__Instructions for the task__: For this exercise, copy the records below exactly and exclude every image.

__Material provided__:
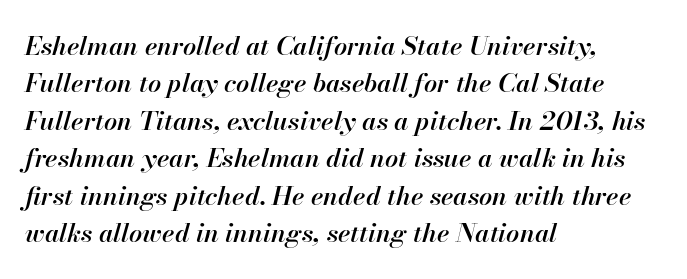
Q: Is the text bold? A: Semi-bold.
Q: Is the text italic (slanted)? A: Yes, it leans right by about 13 degrees.
Q: Is the text underlined? A: No.
Q: How is the paragraph aligned? A: Left-aligned.
Q: Is the spacing between letters normal or unusually wide? A: Normal.
Q: Is the spacing between lines tight, normal or loose? A: Normal.

__Response to the task__:
Q: Is the text bold? A: Semi-bold.
Q: Is the text italic (slanted)? A: Yes, it leans right by about 13 degrees.
Q: Is the text underlined? A: No.
Q: How is the paragraph aligned? A: Left-aligned.
Q: Is the spacing between letters normal or unusually wide? A: Normal.
Q: Is the spacing between lines tight, normal or loose? A: Normal.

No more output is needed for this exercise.